### Extracted data entries
══════════

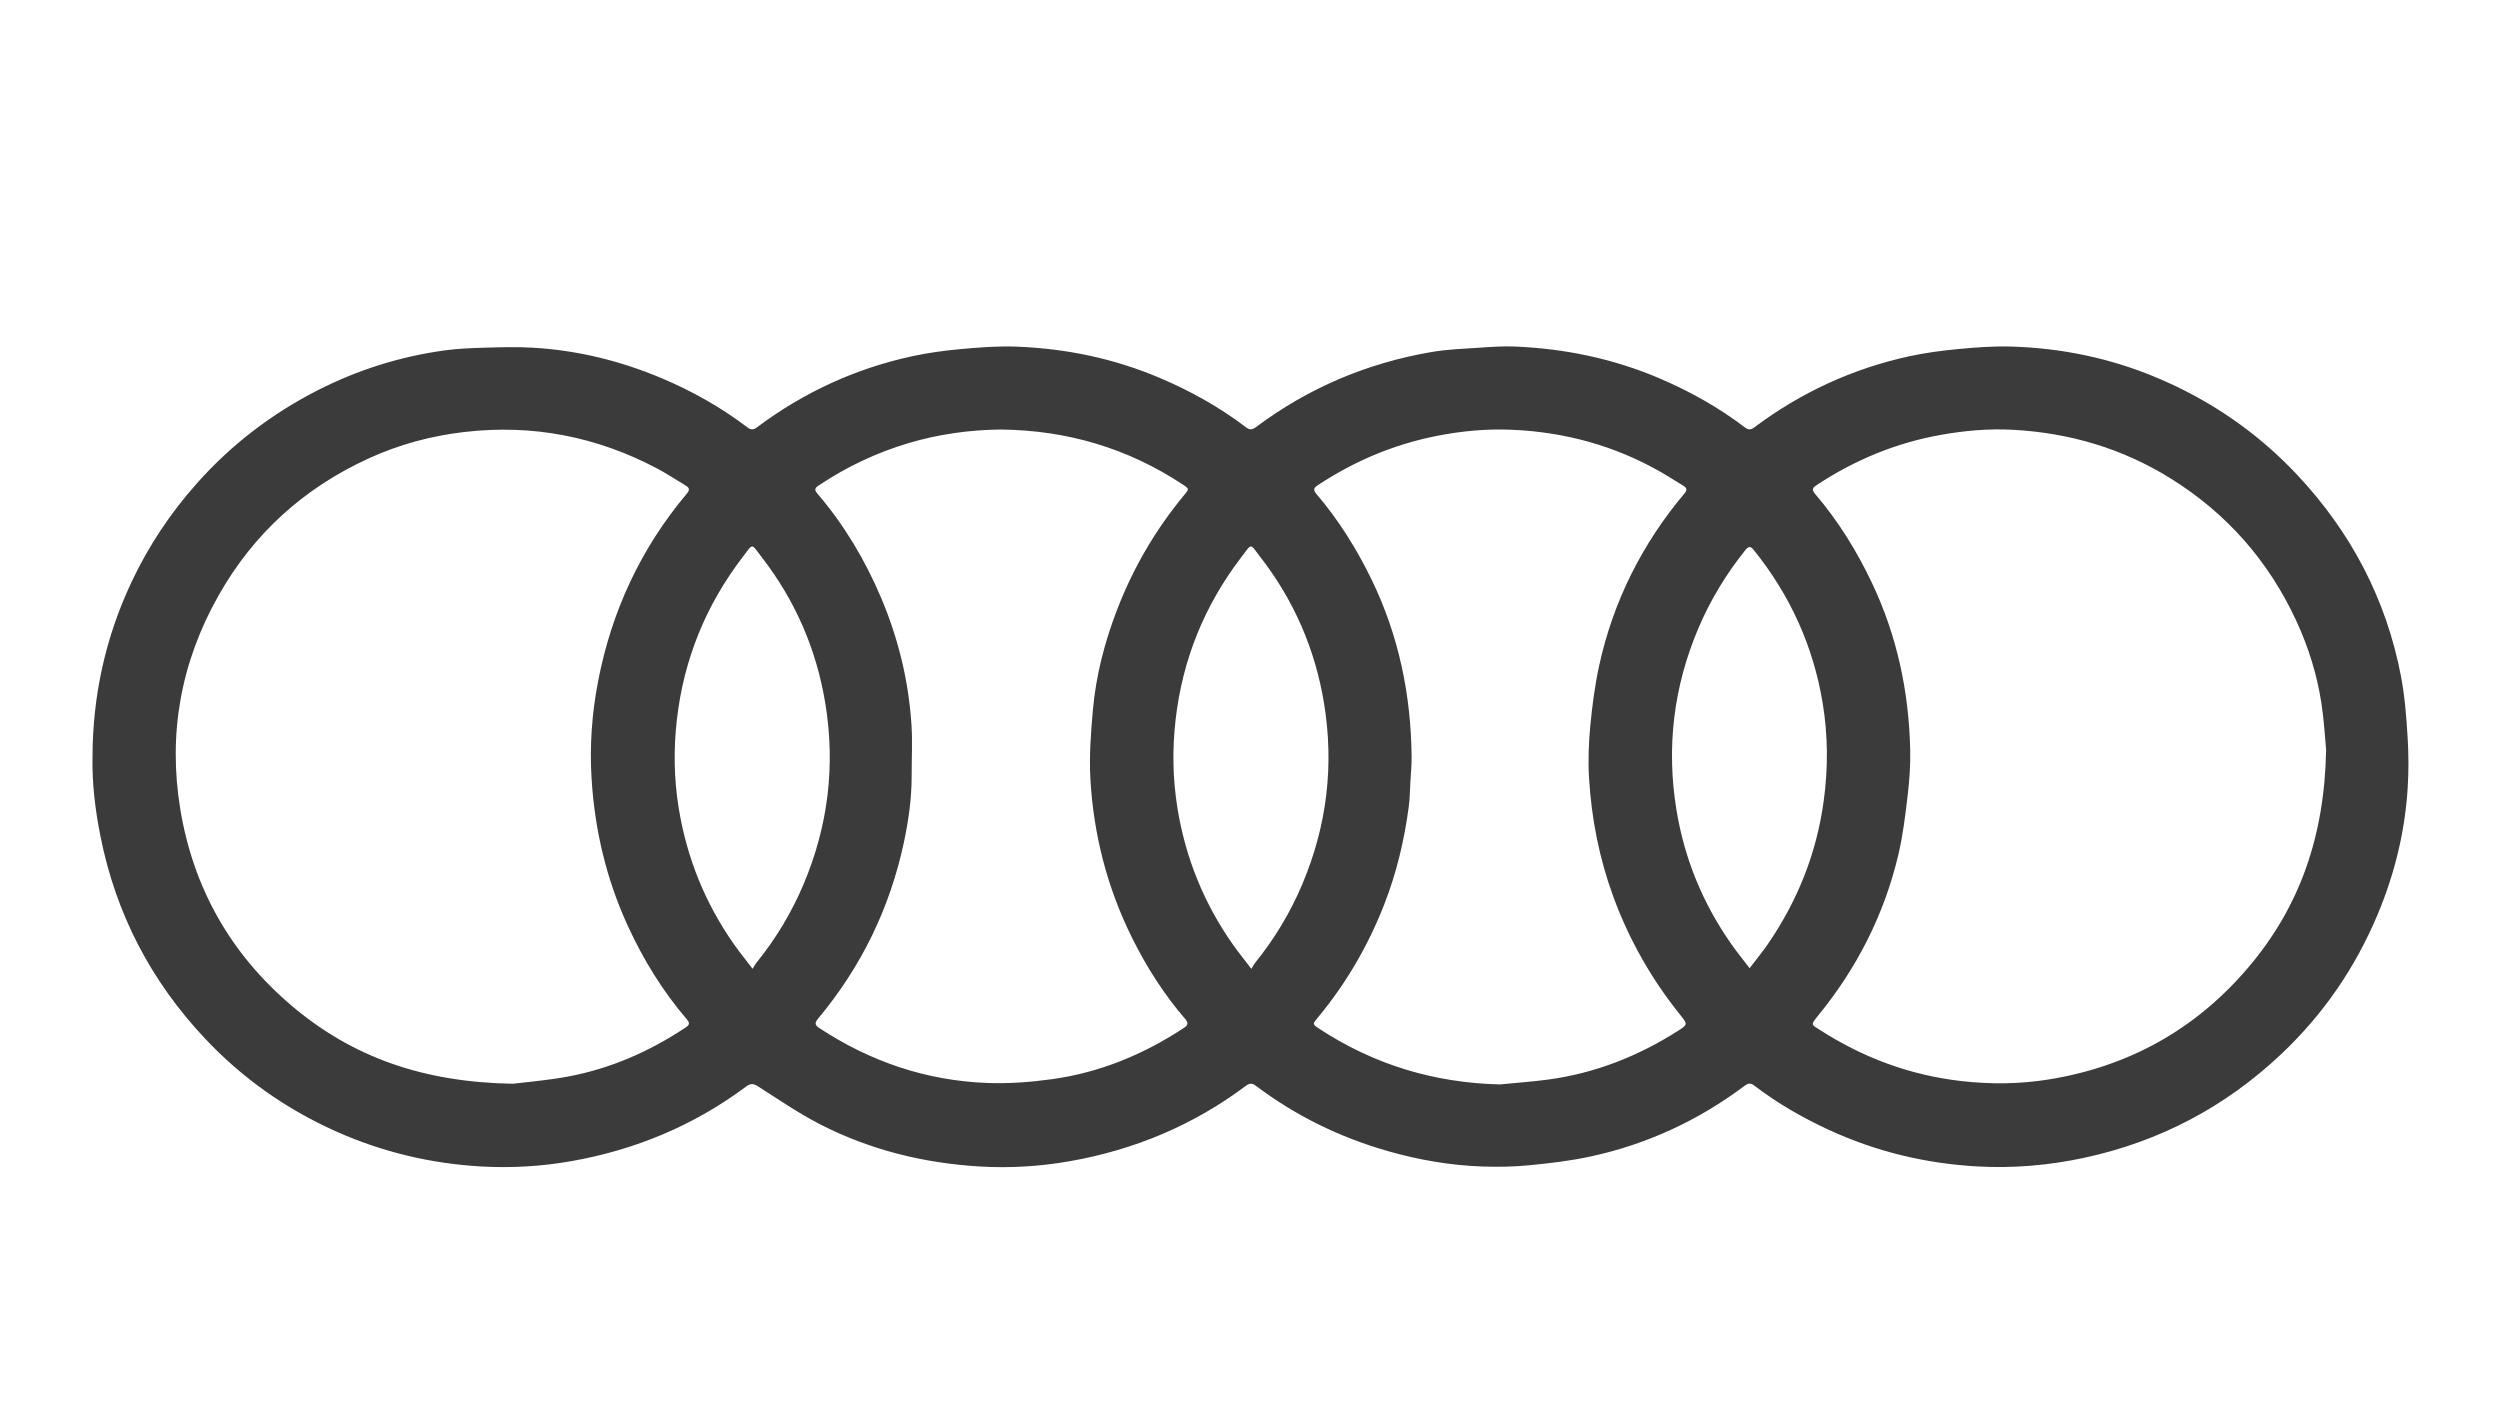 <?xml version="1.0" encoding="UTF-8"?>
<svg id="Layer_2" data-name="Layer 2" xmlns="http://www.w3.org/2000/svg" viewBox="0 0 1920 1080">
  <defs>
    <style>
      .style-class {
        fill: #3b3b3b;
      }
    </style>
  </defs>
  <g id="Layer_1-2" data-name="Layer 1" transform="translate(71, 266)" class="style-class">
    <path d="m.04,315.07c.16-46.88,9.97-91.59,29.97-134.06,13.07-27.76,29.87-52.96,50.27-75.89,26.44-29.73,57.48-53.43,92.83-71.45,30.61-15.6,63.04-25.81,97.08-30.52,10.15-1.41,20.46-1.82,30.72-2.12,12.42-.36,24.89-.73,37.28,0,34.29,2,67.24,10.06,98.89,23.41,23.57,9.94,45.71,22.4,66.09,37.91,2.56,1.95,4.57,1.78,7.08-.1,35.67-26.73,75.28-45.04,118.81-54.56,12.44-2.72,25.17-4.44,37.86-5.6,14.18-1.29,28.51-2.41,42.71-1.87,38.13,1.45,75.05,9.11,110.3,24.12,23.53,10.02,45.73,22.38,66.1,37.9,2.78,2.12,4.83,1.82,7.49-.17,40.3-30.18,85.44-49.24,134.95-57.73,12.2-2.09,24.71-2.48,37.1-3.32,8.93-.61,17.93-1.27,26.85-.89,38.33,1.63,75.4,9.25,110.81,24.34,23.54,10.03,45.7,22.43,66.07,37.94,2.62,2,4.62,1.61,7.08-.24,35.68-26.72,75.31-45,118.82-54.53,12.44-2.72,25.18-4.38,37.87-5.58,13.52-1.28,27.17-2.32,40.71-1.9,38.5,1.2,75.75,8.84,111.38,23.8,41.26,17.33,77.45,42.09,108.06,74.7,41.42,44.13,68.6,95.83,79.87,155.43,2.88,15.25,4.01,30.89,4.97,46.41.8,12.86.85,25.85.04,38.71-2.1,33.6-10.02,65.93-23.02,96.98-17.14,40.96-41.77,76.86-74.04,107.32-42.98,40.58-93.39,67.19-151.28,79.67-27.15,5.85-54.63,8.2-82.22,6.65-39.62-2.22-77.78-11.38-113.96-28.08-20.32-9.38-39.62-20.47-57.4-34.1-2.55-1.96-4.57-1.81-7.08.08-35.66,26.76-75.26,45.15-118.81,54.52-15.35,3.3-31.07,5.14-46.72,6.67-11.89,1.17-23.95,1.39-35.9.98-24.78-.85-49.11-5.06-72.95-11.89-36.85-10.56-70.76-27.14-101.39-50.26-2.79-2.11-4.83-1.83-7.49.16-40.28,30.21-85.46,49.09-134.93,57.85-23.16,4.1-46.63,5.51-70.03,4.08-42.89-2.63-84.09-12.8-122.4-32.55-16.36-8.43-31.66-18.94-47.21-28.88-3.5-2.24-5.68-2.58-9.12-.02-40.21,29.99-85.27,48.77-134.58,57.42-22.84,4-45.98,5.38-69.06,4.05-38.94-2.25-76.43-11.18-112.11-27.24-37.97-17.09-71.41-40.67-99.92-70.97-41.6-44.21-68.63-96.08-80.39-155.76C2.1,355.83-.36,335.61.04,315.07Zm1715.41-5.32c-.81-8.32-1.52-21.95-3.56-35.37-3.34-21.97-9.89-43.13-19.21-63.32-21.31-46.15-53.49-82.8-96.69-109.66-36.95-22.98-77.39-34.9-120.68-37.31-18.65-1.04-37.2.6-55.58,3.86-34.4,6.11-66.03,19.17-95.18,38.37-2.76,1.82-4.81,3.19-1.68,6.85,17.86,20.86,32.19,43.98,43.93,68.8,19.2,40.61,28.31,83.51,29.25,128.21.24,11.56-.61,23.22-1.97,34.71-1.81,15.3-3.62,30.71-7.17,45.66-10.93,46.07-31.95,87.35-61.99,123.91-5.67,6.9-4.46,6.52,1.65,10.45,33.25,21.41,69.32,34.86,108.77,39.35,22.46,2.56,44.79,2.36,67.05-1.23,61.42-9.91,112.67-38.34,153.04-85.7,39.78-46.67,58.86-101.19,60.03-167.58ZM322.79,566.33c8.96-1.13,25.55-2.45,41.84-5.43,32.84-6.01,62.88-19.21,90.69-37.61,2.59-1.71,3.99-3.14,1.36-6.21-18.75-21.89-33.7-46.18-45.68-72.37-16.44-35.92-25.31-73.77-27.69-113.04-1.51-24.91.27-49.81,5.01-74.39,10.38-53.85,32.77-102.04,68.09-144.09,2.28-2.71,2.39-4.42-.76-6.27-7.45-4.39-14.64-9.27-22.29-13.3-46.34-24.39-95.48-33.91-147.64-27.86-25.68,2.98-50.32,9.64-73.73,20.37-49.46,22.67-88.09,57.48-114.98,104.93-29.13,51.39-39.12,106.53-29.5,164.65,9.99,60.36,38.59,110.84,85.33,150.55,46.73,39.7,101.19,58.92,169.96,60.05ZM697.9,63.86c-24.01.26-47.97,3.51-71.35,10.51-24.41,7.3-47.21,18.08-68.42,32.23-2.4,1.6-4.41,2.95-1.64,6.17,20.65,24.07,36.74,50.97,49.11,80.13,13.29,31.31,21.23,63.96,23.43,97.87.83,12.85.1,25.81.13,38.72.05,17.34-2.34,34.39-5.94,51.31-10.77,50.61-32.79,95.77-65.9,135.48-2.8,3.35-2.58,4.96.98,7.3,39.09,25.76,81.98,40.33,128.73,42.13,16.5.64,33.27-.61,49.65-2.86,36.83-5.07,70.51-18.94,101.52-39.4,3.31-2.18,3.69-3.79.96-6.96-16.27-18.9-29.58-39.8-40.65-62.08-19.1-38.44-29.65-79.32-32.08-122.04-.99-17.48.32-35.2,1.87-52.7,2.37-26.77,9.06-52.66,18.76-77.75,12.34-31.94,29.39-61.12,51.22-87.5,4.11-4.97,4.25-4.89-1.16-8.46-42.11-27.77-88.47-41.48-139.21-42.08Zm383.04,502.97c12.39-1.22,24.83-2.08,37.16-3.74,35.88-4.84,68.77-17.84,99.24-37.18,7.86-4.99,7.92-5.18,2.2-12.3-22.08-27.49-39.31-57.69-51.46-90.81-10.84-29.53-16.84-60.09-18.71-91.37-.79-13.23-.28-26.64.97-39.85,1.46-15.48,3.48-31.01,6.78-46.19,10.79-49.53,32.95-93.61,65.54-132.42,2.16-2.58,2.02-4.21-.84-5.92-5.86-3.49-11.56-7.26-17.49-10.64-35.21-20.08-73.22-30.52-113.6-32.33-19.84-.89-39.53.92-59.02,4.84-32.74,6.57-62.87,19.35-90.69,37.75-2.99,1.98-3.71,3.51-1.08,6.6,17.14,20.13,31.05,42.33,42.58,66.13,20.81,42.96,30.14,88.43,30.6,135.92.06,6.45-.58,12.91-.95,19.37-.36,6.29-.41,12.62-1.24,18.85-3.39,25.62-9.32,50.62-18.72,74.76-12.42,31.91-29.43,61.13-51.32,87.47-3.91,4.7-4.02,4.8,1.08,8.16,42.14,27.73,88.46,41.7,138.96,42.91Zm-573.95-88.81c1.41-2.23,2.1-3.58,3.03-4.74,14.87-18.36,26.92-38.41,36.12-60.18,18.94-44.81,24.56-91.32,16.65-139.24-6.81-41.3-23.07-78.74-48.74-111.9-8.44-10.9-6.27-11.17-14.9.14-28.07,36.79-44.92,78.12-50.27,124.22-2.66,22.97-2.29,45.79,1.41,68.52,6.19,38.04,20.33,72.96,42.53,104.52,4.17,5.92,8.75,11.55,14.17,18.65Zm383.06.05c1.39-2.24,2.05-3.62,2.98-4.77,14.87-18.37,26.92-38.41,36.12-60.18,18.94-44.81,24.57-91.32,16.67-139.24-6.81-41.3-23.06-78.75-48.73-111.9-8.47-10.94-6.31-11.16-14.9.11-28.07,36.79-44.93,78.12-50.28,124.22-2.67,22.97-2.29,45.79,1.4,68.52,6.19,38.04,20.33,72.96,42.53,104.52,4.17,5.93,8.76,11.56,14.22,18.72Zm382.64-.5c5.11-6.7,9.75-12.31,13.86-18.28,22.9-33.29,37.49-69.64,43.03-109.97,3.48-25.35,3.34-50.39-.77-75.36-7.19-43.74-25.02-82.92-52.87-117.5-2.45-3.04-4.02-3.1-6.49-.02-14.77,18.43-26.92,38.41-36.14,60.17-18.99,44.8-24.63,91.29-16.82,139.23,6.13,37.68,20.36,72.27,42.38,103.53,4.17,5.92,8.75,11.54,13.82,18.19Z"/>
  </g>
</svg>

══════════

### Task directions
Show every line in the entries where the string "Layer" occurs.

### Final answer
<svg id="Layer_2" data-name="Layer 2" xmlns="http://www.w3.org/2000/svg" viewBox="0 0 1920 1080">
  <g id="Layer_1-2" data-name="Layer 1" transform="translate(71, 266)" class="style-class">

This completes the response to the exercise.